A study led by the Institute of Integrative Systems Biology (I2SysBio) discovers 'artifacts' in the sequences with repair of the deletions of the virus that causes COVID-19, which affects infection and vaccine response. Many of the sequences with repair mutations in the virus spike protein, the key to infecting human cells, were due to errors in data processing
A multidisciplinary team led by the Institute of Integrative Systems Biology (I2SysBio), located in the scientific-academic area of the Science Park of the University of Valencia, and joint center of the Higher Council for Scientific Research (CSIC) and the University of Valencia (UV), has just published a study that discovers a new perspective on the ability of the SARS-CoV-2 virus to mutate and infect humans. Through a review of the most widely used virus genetic database during the pandemic, the research team found 'false positives' in their ability to repair deletions, a process that restores sections of the viral genome that affect the ability of the virus to replicate or evade the host’s immune system. The work, published in the journal Virus Evolution, involves researchers from the CSIC’s Valencia Institute of Biomedicine (IBV) and the La Fe Health Research Institute (IIS-La Fe).
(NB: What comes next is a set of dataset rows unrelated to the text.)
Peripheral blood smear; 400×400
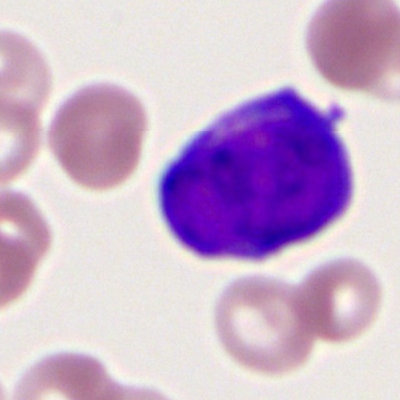 {"cell_type": "myeloblast", "lineage": "myeloid"}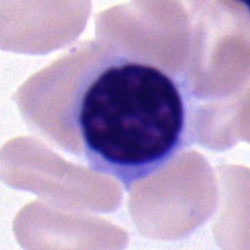

A nucleated red cell on a bone marrow smear.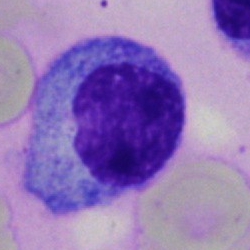Q: What type of cell is this?
A: A myelocyte.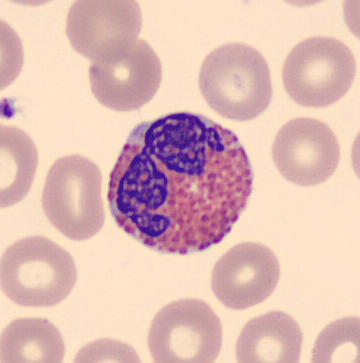

Acquisition: Peripheral blood film; imaged on a CellaVision DM96 analyser.

The cell shown is an eosinophil.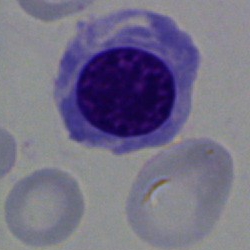Cell type = erythroblast.
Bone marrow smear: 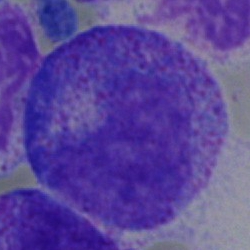

Q: Which cell type is shown here?
A: A promyelocyte.
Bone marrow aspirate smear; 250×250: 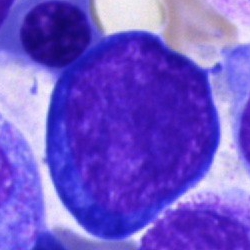

Q: Which cell type is shown here?
A: Proerythroblast.
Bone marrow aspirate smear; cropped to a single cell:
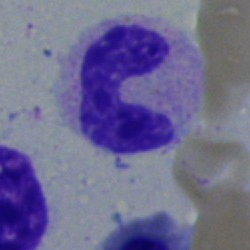

Specimen: bone marrow aspirate smear.
Cell type: band neutrophil.
Lineage: myeloid.

The work led by the I2SysBio Pathogenomics group in collaboration with the Viral Biology group of the same institute offers an innovative perspective on certain rare genetic changes in the SARS-CoV-2, the 'key' that the coronavirus uses to infect our cells. The research focused on so-called deletion repair events in this protein, where the virus appears to correct its genome.
After a massive data mining in the most widely used SARS-CoV-2 virus genome database in the pandemic, GISAID, they found that several of the initial findings were probably due to errors introduced by data processing in large genetic databases. The computer methods used to analyse millions of viral sequences can be misleading, giving the impression that the virus repairs its deletions more regularly. By comparing these already processed data with information obtained directly from genome sequencing (sequencing readings), the team has been able to obtain a more realistic view of the genetic changes that the virus undergoes.
Less than 60% of confirmed repair events
"Using the GISAID gene sequence repository, we estimate a very high frequency of these deletion repair events that are expected to be rare", explains Mireia Coscollá Devís, I2SysBio researcher leading the study. "We realized that the sequences in the GISAID database are processed by each laboratory differently and contained many false positives for this type of markers. Thus, although in some cases we were able to confirm that it was a real phenomenon, most of them were the result of processing sequences", he reveals.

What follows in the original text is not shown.